One of the ways these dreamy imaginings impinge upon me is to mug me with dialogue. I’ll be in the shower and a spoken sentence will ring out in my mind. A conversation starts and I follow along, enjoying the story I’m telling myself, but the trick is to not get too analytical, to just let the two characters (it is almost always just two) fight it out (and it is almost always an argument) until it either comes to a resolution, or peters out on its own. What normally happens is the conversation runs along very fluently until I have the smart (read: foolish) idea to re-run it from what I might recall as the beginning, and look for different emphasis, or try to make a different point. This most often kills the fluency of the speech and characters stone dead, (and I also often lose exactly where the conversation started, if it has meandered on long enough before I decide to interfere too much, so restarting means chopping the conversation into sections and thinking about how each worked, and what the whole point might be, hopefully before I get too frustrated at losing some parts that felt great the first time around and that I now can’t quite remember) but sometimes, just sometimes, the conversation deepens, becomes richer, and threads attach to it, linking it to the dreams of settings and dramas I have had at other times, and a window into a world is created. Again, I have to remember to quickly write it down, or it will be lost. Many random conversations that occurred when out walking, or washing dishes whilst looking out the kitchen window (another favourite) have been lost because it was so vivid I feel sure I’ll remember it later, but when I finally try to recapture those half-forgotten thoughts they become elusive, or irritating cardboard cut-outs of the cavorting characters they had been before.

But then again – some scenarios stick with me and keep coming back until I write them down, and when I do, they either show themselves to have real potential, or remain lost fragments in search of a story to fit into. There’s an old salt miner’s tale that remains a hollow fragment, still looking for the spark that will turn his story into a book of the future. For over a year, maybe more, I would occasionally entertain a pair of tremendously bitter old rivals, a man and a woman, who would dig up the relics of their shared past, impale them, and throw them at each other with delightful viciousness, always with the threat that this time, one or the other would finally end their rivalry, most likely in the form of some sadistic revenge plot for the many past injuries each had done to the other. Or could they? Did they enjoy their shared pain too much to end it now, after so many years of opportunity?

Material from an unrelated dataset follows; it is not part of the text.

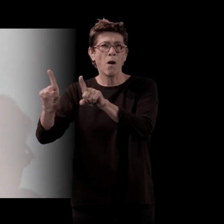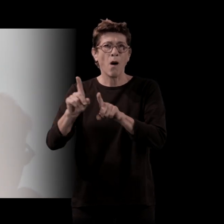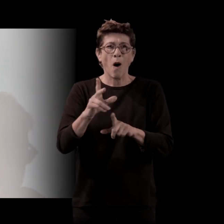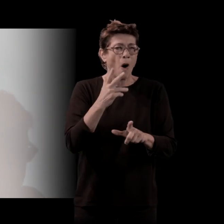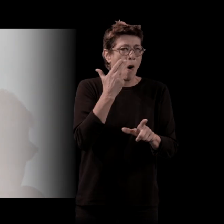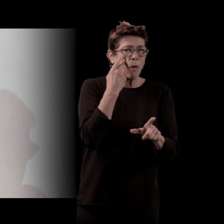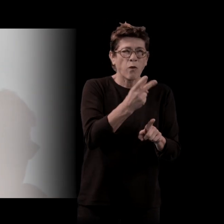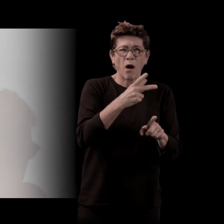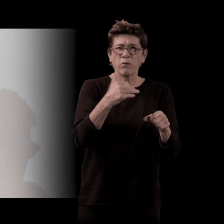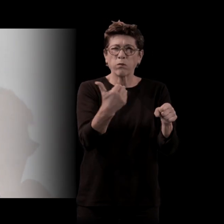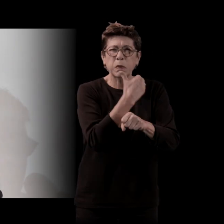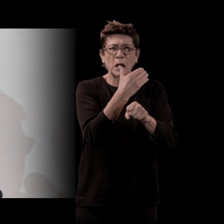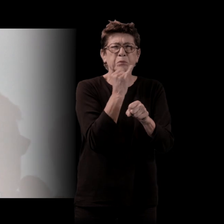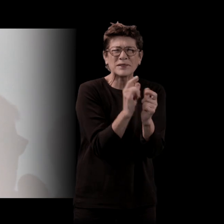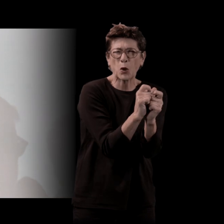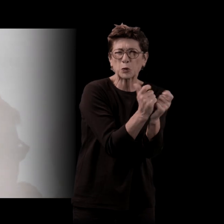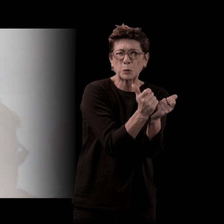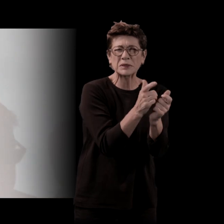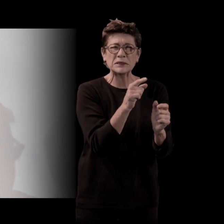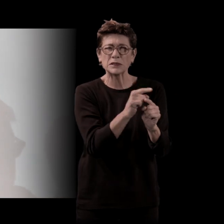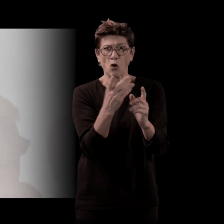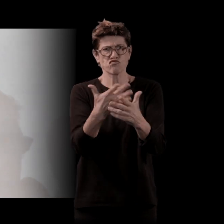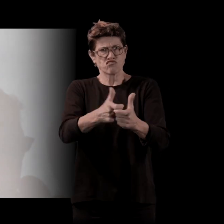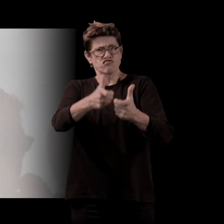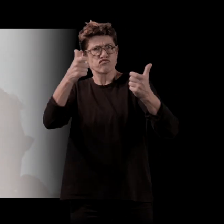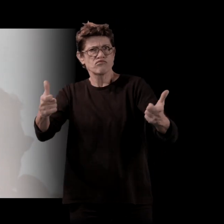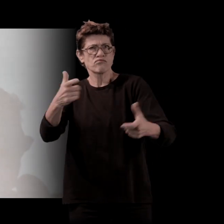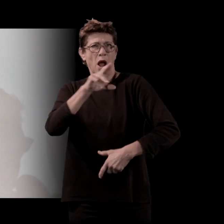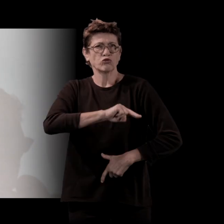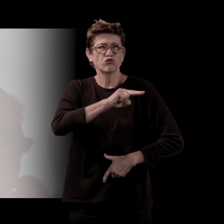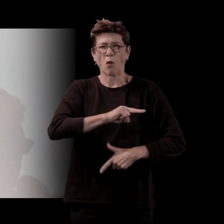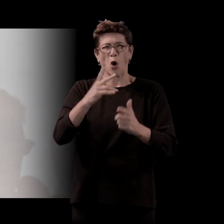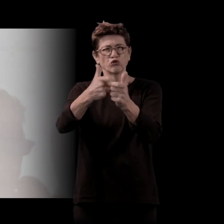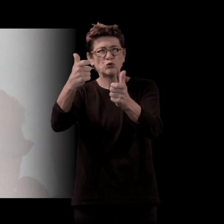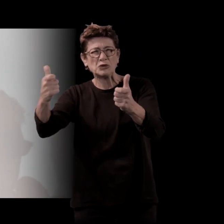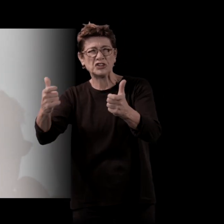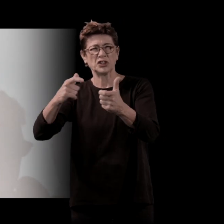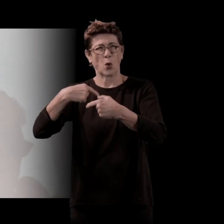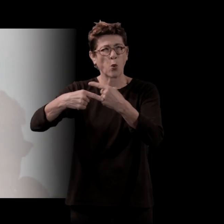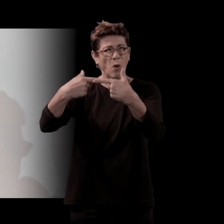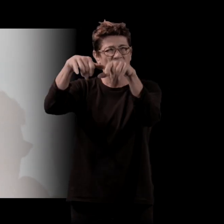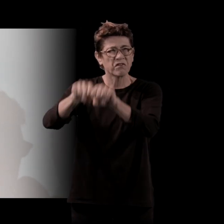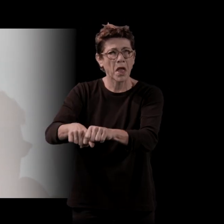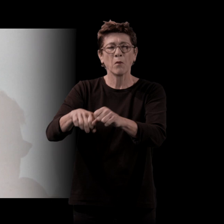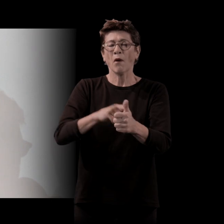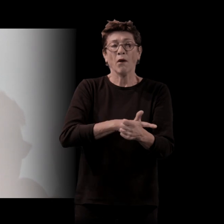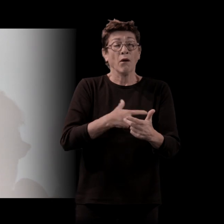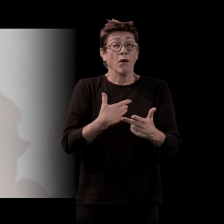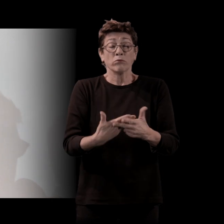boîtes, dans des grandes compagnies d'assurance, dans des usines qui fermaient, dans des entreprises qui licenciaient du

When finally I wrote down one version of their tirades against each other, a whole story came out, a solid seed for an epic tale of a difficult present (which had never appeared before) for these bitter enemies to navigate, shot through with the painful memories of their often glorious, frequently futile past. It is only five pages long, just over two thousand words, but that outline makes me certain that the story could be told, and be one that would delight me in the telling. The first draft is the story you tell yourself, after all!

And so there is another reason why I write fantasy – because the ideas keep coming, and sometimes (just sometimes) when I write them down, the certainty that these situations can grow into novels is born.

If only it were as easy and as quick to write the novels as it is to have the ideas that originate them!

Good luck to all dreamers and dwellers of the imagination out there. If characters or situations, kingdoms or dilemmas keep cropping up in your thoughts, write them down, and see if you’ve found a new fantasy to make real, at least on the page!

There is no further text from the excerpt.